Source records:
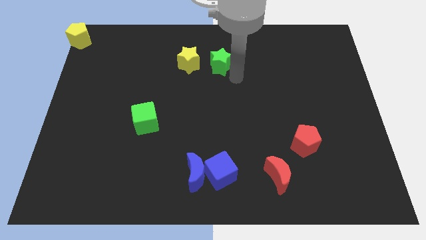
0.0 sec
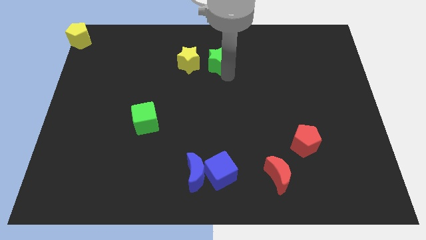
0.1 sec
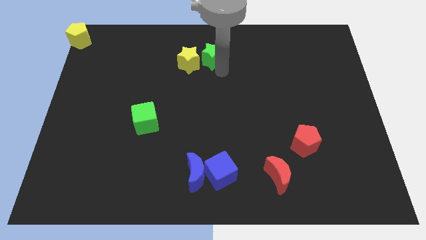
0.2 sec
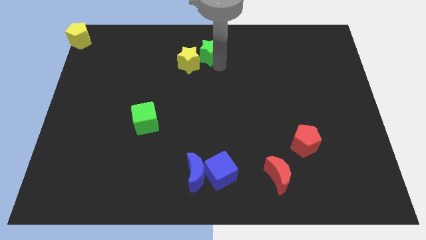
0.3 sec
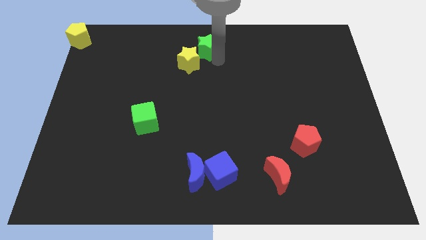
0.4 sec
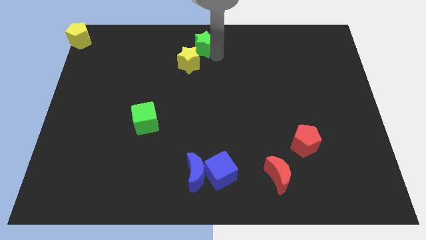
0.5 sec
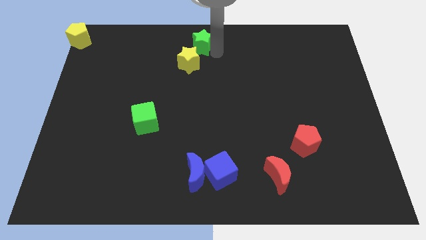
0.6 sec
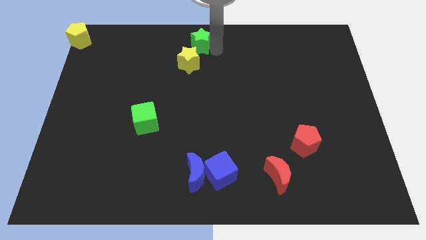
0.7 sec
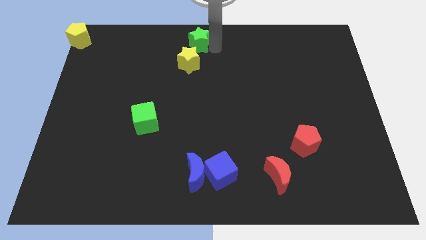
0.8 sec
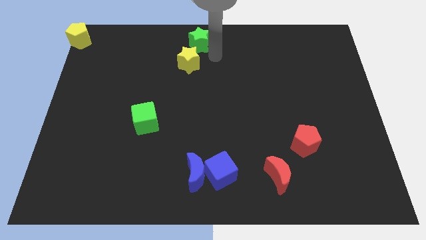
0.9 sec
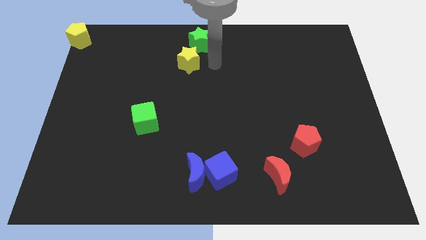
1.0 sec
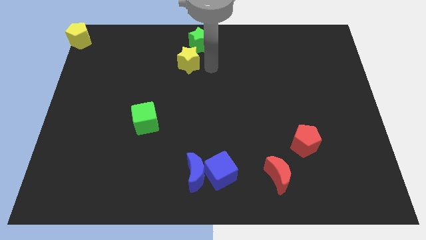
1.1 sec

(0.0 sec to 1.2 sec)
place the green star above the yellow star

**Task requirements**. The records above need to be copied exactly, though not their pictures.

**Response area**.
0.0 sec
0.1 sec
0.2 sec
0.3 sec
0.4 sec
0.5 sec
0.6 sec
0.7 sec
0.8 sec
0.9 sec
1.0 sec
1.1 sec

(0.0 sec to 1.2 sec)
place the green star above the yellow star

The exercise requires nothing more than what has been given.